Lygia Fagundes Telles: A disciplina do amor
Escritora morreu em 3 de abril, aos 98 anos, em São Paulo

A precocidade era uma régua permanente na vida de Lygia Fagundes Telles. Aos 15 anos, em 1938, a filha de um procurador público e de uma pianista escreveu seu primeiro livro, a coletânea de contos Porão e Sobrado. Nas rodas literárias da Faculdade de Direito da Universidade de São Paulo — na sua turma havia seis mulheres e 94 homens — cedo aprendeu a incomodar o mundo machista. “Sempre fomos o que os homens disseram que nós éramos, agora somos nós que vamos dizer o que somos”, escreveu em seu livro de memórias, A Disciplina do Amor, lançado em 1980. O lema a acompanhou por toda a vida, na literatura, que a tornaria respeitada, mas também nas bancas jurídicas, como procuradora do Instituto de Previdência do Estado de São Paulo, carreira que seguiria de mãos dadas com a trilha artística.
Em 1954, com Ciranda de Pedra, o relato de uma mulher oprimida pelo marido, ela passou a ser vista com atenção e incômodo, ao desafiar as unanimidades e a misoginia. Em Antes do Baile Verde, de 1970, passeou por temas tabus, como a insatisfação conjugal e o adultério.

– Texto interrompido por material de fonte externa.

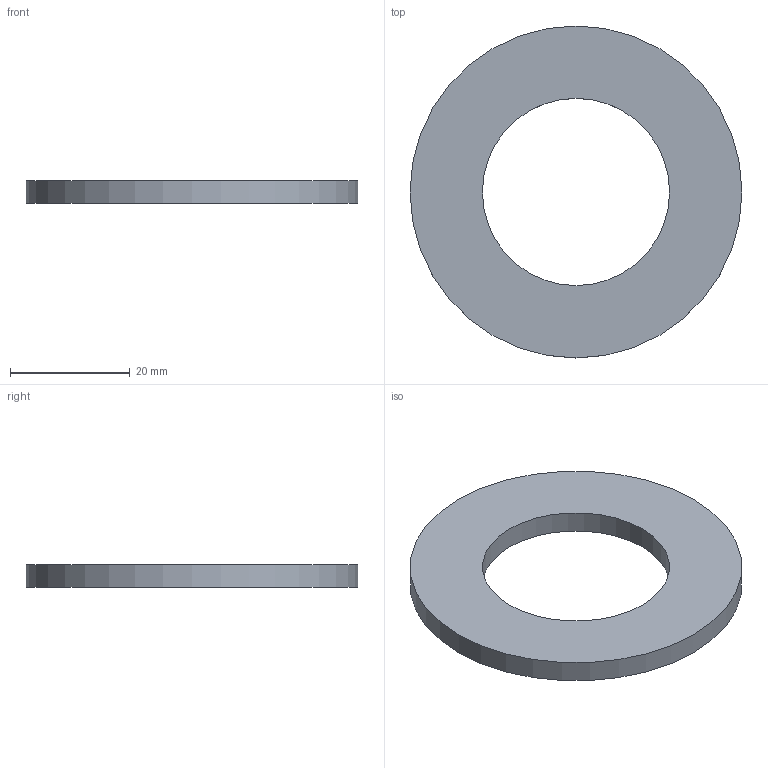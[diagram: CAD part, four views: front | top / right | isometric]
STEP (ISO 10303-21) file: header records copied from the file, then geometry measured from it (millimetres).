
FILE_DESCRIPTION (( 'STEP AP214' ), '1' );
FILE_NAME ('76.05.04.0012.step', '2021-04-02T17:37:04', ( '' ), ( '' ), 'SwSTEP 2.0', 'SolidWorks 2021', '' );
FILE_SCHEMA (( 'AUTOMOTIVE_DESIGN' ));
Length unit declared in the file: millimetre
Products named in the file (1): 76.05.04.0012
Bounding box: 55.5 x 55.5 x 3.7 mm (x, y, z)
Volume: 6104.2 mm3; surface area: 4308.5 mm2
Topology: 1 solids, 1 shells, 4 faces, 6 edges, 4 vertices
Faces by surface type: plane 2, cylinder 2
Full cylindrical faces by diameter (mm): 31.3 x1, 55.5 x1
Entity records: 122 total; most frequent: DIRECTION 18, CARTESIAN_POINT 13, AXIS2_PLACEMENT_3D 9, EDGE_LOOP 8, ORIENTED_EDGE 8, FACE_OUTER_BOUND 6, EDGE_CURVE 4, CIRCLE 4

Em As Meninas, de 1973, o relato de vida de três amigas universitárias, cutucou simultaneamente os militares da ditadura e os conservadores atávicos. Escrevia sobre política, mas queria mesmo era tratar de relações amorosas. Bem-humorada e irônica, sabia rir. Em entrevista à Folha de S.Paulo, indagada sobre sua louvada beleza, respondeu: “Eu era bonitinha. Mas, quando meu amigo Ives Gandra Martins falou, noutro dia, que eu era a mais bonita da faculdade, tive de lembrá-lo que éramos só umas sete ou oito mulheres. Convenhamos: não era uma vantagem tão grande assim”.
Simultaneamente popular e erudita — circulava com determinação entre intelectuais de São Paulo, como o escritor Mário de Andrade, o jurista e poeta Goffredo da Silva Telles Jr., seu primeiro marido, e o crítico de cinema Paulo Emílio Salles Gomes, com quem viria a casar —, Lygia teria sua obra adaptada para a televisão, o que a levou a conquistar novos públicos, apesar do tom incisivo de sua obra, desafio aos lugares-comuns. Ciranda de Pedra teve duas versões em novelas da Globo — em 1981, com Eva Wilma no papel principal, e em 2008, com Ana Paula Arósio. A fama transportada aos folhetins de TV não diminuiu a grandeza de um trabalho delicado, que precisa ser revisitado. Disse a respeito de sua obra o crítico Antonio Candido: “Lygia Fagundes Telles sempre teve o mérito de obter, no romance e no conto, a limpidez adequada a uma visão que penetra e revela, sem recurso a qualquer truque ou traço carregado, na linguagem ou na caracterização”. Ela morreu em 3 de abril, aos 98 anos, em São Paulo.